2(d) Write a little code to report whether, by the 0.02 quantile criterion, 𝑥= (Exam1=50, Exam2=100) is an outlier.
Hint: Compare 𝑓𝜇,𝛴(𝑥) to your threshold
# ... your code here ...
3. Explore the fact that accuracy can be misleading for imbalanced data.
Here I make a fake imbalanced data set by randomly sampling 𝑦 from a distribution with 𝑃(𝑦=0)=0.980 and 𝑃(𝑦=1)=0.020.
X, y = make_classification(n_samples=1000, n_features=4, n_classes=2, weights=[0.980, 0.020],
n_clusters_per_class=1, flip_y=0.01, random_state=0)
print(f'np.bincount(y)={np.bincount(y)}; we expect about 980 zeros and 20 ones.')
print(f'np.mean(y)={np.mean(y)}; we expect the proportion of ones to be about 0.020.')
np.bincount(y)=[973 27]; we expect about 980 zeros and 20 ones. np.mean(y)=0.027; we expect the proportion of ones to be about 0.020.
Here I split the data into 50% training and 50% testing data.
X_train, X_test, y_train, y_test = train_test_split(X, y, test_size=.5,
random_state=0, stratify=y)
print(f'np.bincount(y_train)={np.bincount(y_train)}')
print(f'np.mean(y_train)={np.mean(y_train)}.')
print(f'np.bincount(y_test)={np.bincount(y_test)}.')
print(f'np.mean(y_test)={np.mean(y_test)}.')
np.bincount(y_train)=[486 14] np.mean(y_train)=0.028. np.bincount(y_test)=[487 13]. np.mean(y_test)=0.026.
3a. Train and assess a gradient boosting model.
- Train on the training data.
- Use 100 trees of maximum depth 1 and learning rate 𝛼=0.25.
- Use
random_state=0
(so that teacher, TAs, and students have a chance of getting the same results). - Display the accuracy, precision, recall, and AUC on the test data. Use 3 decimal places. Use a labeled print statement with 3 decimal places so the reader can easily find each metric.
- Make an ROC curve from your classifier and the test data.
# ... your code here ...
Note the high accuracy but lousy precision, recall, and AUC.

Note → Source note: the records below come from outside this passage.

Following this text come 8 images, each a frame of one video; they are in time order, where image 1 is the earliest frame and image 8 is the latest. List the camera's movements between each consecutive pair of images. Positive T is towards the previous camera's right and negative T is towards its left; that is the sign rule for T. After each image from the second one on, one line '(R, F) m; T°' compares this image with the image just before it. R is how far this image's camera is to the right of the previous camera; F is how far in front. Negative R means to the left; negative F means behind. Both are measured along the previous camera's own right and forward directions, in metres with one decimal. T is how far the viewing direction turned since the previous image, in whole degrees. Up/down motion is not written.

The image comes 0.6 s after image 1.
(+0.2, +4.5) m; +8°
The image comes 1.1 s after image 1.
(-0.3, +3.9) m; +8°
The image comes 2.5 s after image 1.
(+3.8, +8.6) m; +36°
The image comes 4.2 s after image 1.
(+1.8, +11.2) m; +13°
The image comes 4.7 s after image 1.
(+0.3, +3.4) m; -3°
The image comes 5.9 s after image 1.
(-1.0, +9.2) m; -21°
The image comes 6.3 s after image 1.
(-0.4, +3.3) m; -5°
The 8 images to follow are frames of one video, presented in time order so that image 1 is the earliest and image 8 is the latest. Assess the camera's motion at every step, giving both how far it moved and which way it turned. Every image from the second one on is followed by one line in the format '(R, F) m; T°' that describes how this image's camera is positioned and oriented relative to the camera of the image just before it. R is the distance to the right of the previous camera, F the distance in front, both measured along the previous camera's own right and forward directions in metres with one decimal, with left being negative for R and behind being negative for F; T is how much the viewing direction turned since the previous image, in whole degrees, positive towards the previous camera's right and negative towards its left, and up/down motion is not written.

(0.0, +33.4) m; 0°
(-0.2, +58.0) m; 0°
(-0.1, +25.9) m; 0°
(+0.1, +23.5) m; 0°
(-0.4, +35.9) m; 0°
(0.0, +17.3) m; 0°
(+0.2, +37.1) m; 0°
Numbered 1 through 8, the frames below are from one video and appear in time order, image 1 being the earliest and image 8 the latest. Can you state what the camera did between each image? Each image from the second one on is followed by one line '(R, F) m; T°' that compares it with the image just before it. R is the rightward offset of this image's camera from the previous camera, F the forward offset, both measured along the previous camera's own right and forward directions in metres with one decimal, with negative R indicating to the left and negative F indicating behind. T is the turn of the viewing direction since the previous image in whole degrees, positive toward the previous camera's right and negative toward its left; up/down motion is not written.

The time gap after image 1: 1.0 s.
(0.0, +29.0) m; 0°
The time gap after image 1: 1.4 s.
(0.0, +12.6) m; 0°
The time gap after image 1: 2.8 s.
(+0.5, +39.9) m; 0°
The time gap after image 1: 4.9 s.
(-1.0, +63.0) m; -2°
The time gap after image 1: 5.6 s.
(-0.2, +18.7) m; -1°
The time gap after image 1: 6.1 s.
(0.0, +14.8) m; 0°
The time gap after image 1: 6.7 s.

Note that since the data have about 98% 𝑦=0, we could get about 98% accuracy by just always predicting 𝑦^=0. High accuracy alone is not necessarily helpful.
3b. Now oversample the data to get a balanced data set.
- Use the
RandomOverSampler(random_state=0)
to oversample and get a balanced data set. - Repeat my
train_test_split()
block from above. - Repeat your train/assess block from above.
# ... your code here ...
Note that we traded a little accuracy for much improved precision, recall, and AUC.
If you do classification in your project and report accuracy, please also report the proportions of 𝑦=0 and 𝑦=1 in your test data so that we get insight into whether your model improves upon always guessing 𝑦^=0 or always guessing 𝑦^=1.